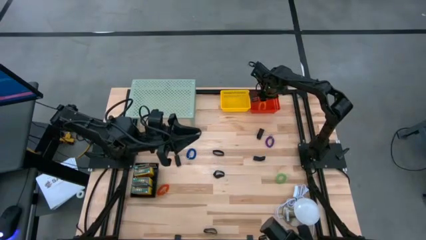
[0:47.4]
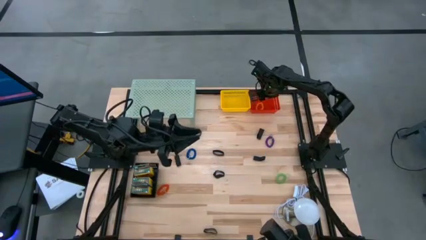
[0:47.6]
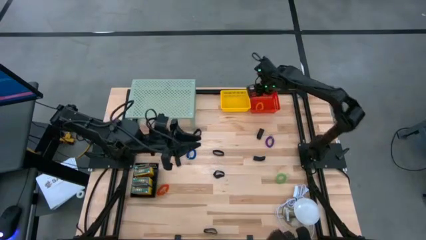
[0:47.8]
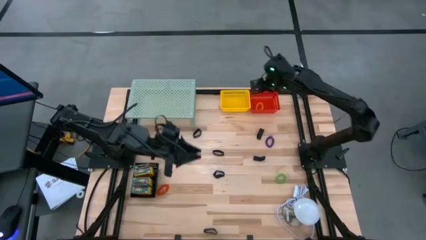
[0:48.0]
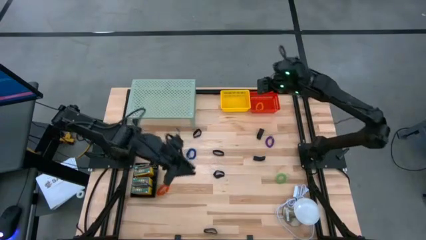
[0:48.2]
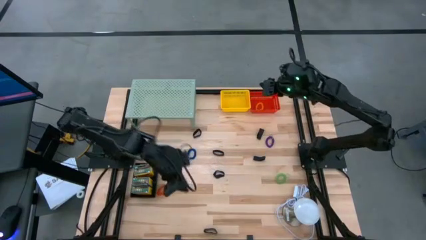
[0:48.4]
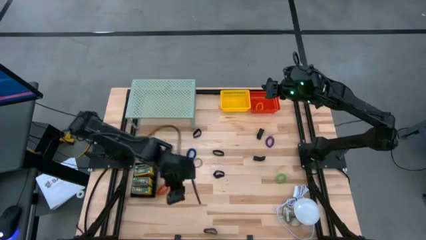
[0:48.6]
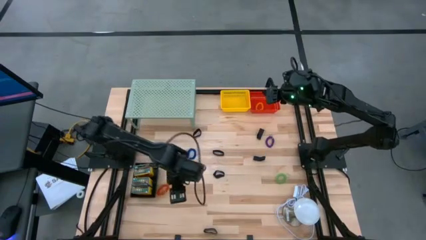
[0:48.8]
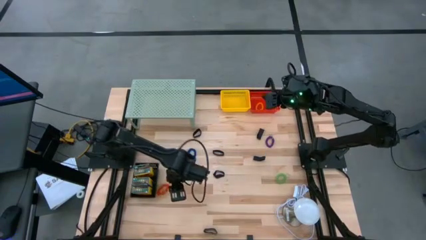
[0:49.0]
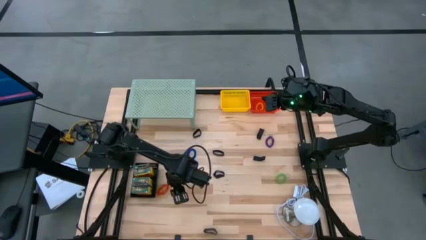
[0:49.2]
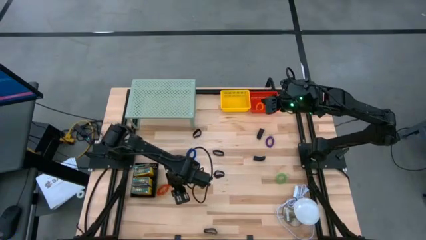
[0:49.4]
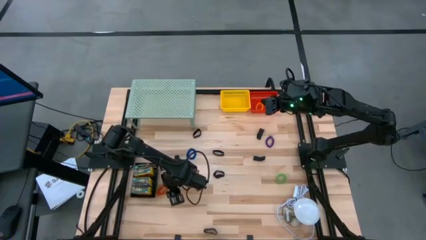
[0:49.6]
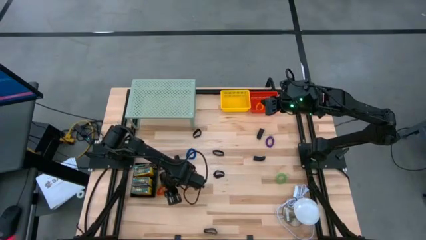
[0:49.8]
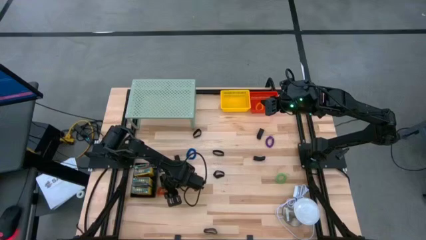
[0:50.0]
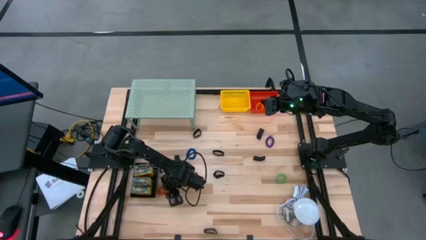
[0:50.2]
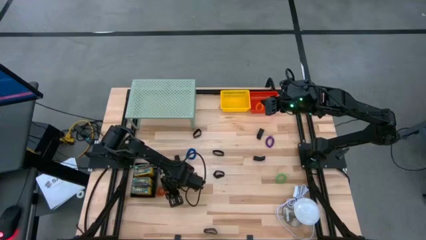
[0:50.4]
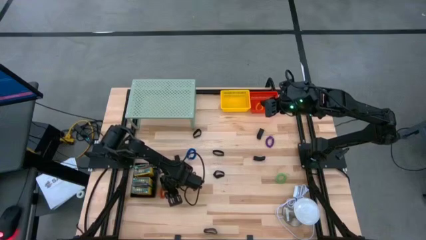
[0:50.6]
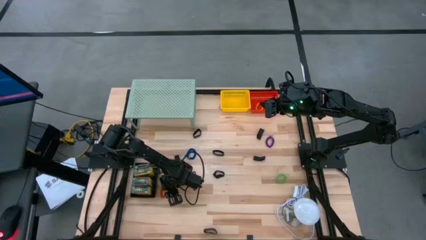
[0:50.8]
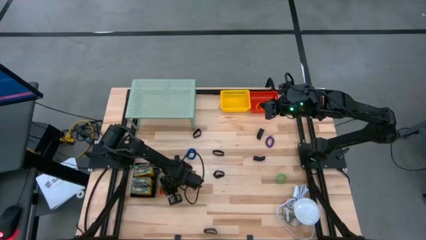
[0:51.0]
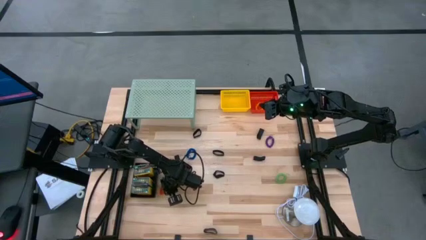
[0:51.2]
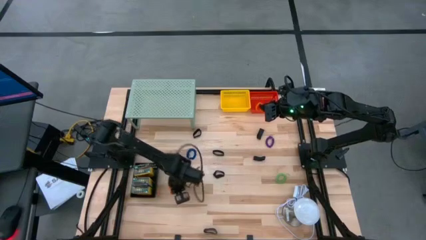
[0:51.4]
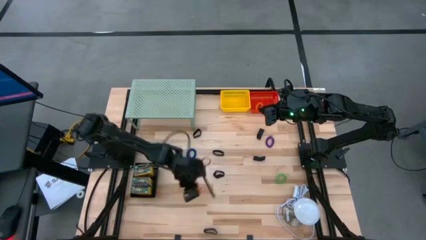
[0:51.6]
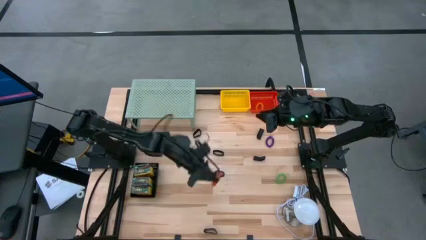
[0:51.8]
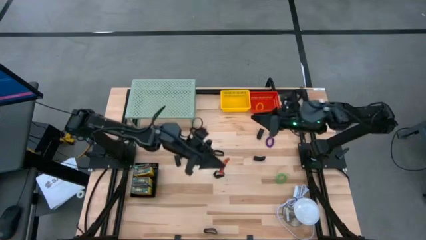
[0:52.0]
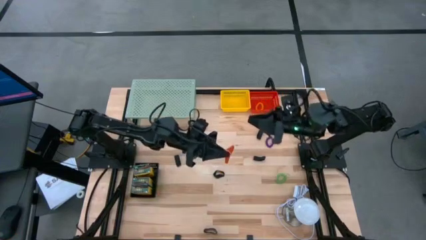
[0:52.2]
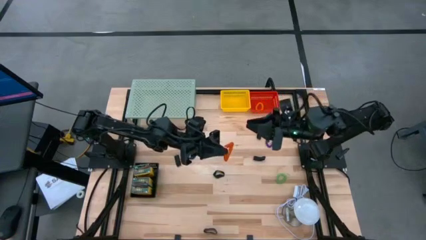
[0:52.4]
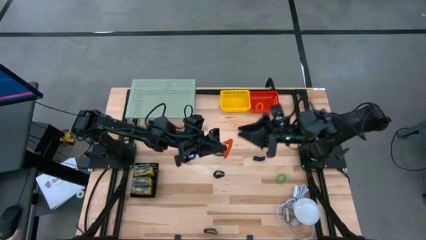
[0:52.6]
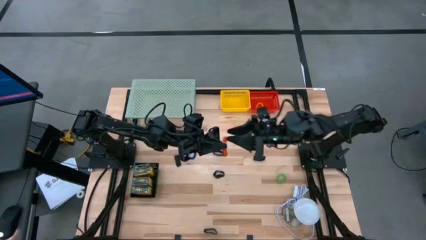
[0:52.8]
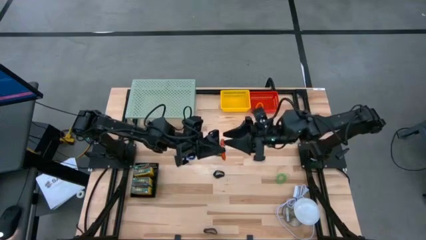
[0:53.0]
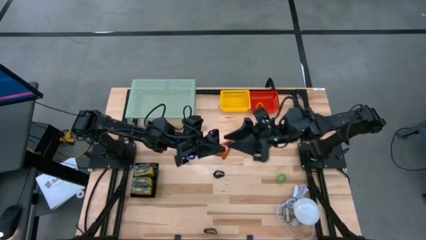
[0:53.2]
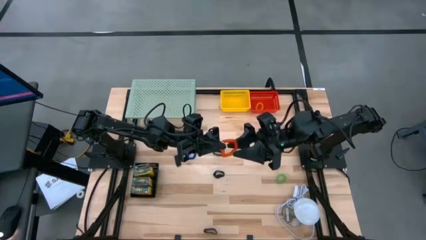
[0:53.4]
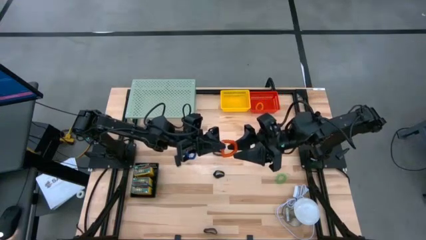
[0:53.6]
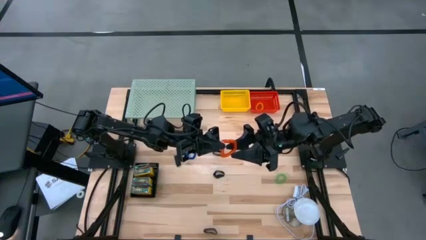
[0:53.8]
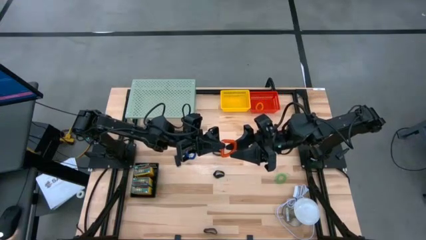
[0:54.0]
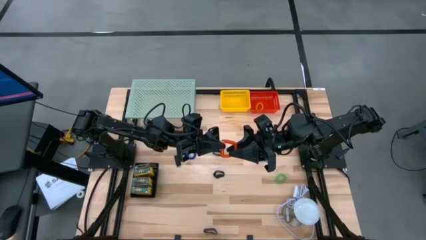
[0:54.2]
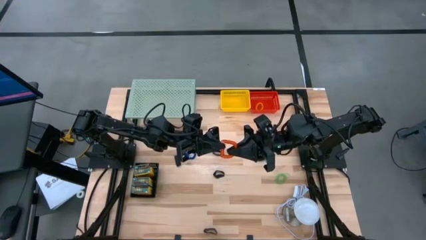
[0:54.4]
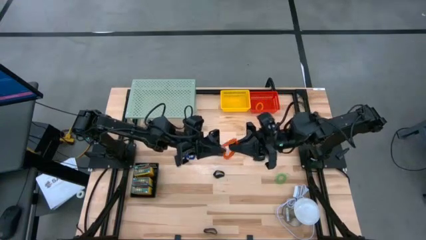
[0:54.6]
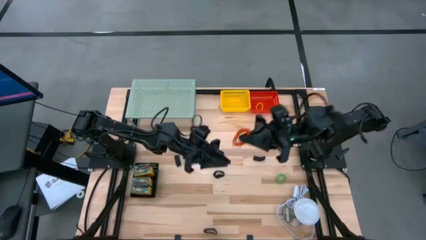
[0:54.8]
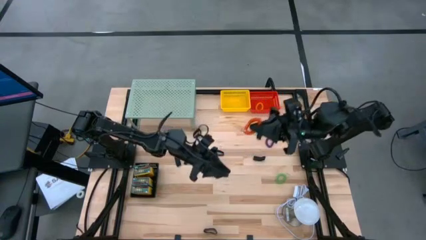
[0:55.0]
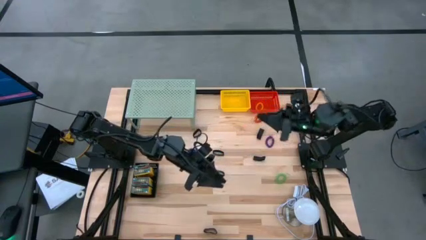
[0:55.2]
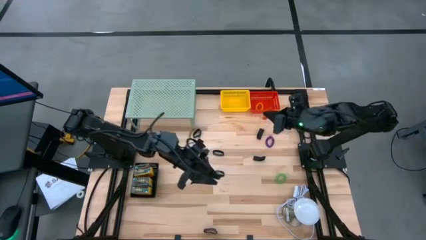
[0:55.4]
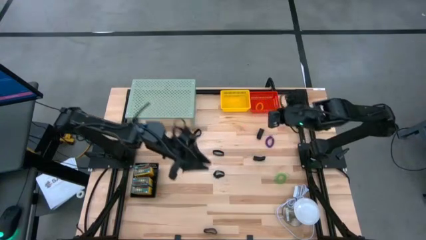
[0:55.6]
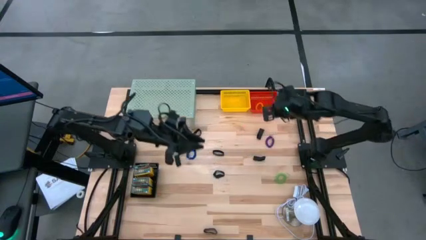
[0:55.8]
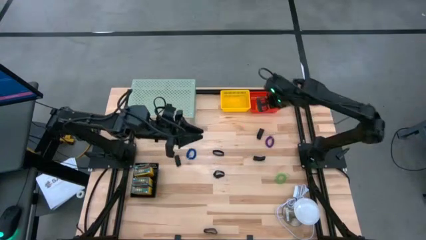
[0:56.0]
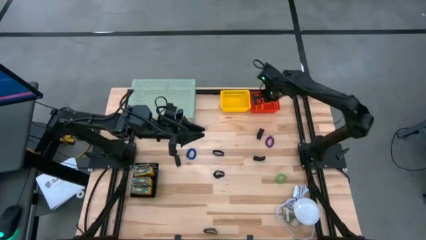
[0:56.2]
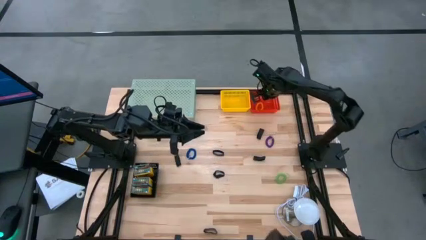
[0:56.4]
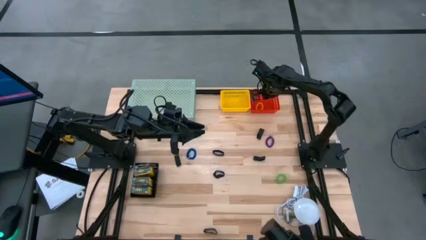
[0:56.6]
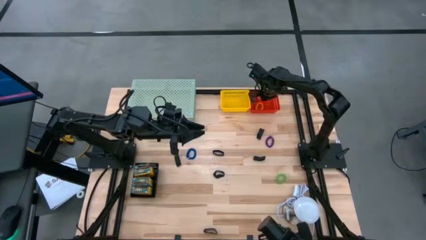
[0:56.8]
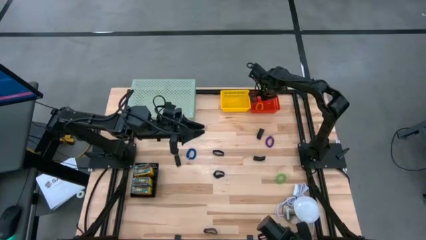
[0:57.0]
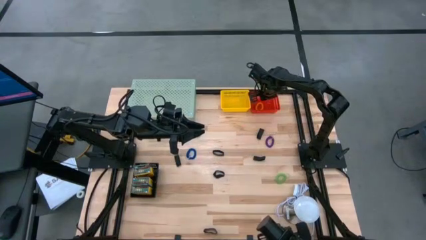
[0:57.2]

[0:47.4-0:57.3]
Task: Pick & Place Office Desk Supplies
Put the red spring keychain into the red basket

######

__Task brief__.
Leave the pictures out and write out every entry exactly as given.

__Answer below__.
[0:47.4]
[0:47.6]
[0:47.8]
[0:48.0]
[0:48.2]
[0:48.4]
[0:48.6]
[0:48.8]
[0:49.0]
[0:49.2]
[0:49.4]
[0:49.6]
[0:49.8]
[0:50.0]
[0:50.2]
[0:50.4]
[0:50.6]
[0:50.8]
[0:51.0]
[0:51.2]
[0:51.4]
[0:51.6]
[0:51.8]
[0:52.0]
[0:52.2]
[0:52.4]
[0:52.6]
[0:52.8]
[0:53.0]
[0:53.2]
[0:53.4]
[0:53.6]
[0:53.8]
[0:54.0]
[0:54.2]
[0:54.4]
[0:54.6]
[0:54.8]
[0:55.0]
[0:55.2]
[0:55.4]
[0:55.6]
[0:55.8]
[0:56.0]
[0:56.2]
[0:56.4]
[0:56.6]
[0:56.8]
[0:57.0]
[0:57.2]

[0:47.4-0:57.3]
Task: Pick & Place Office Desk Supplies
Put the red spring keychain into the red basket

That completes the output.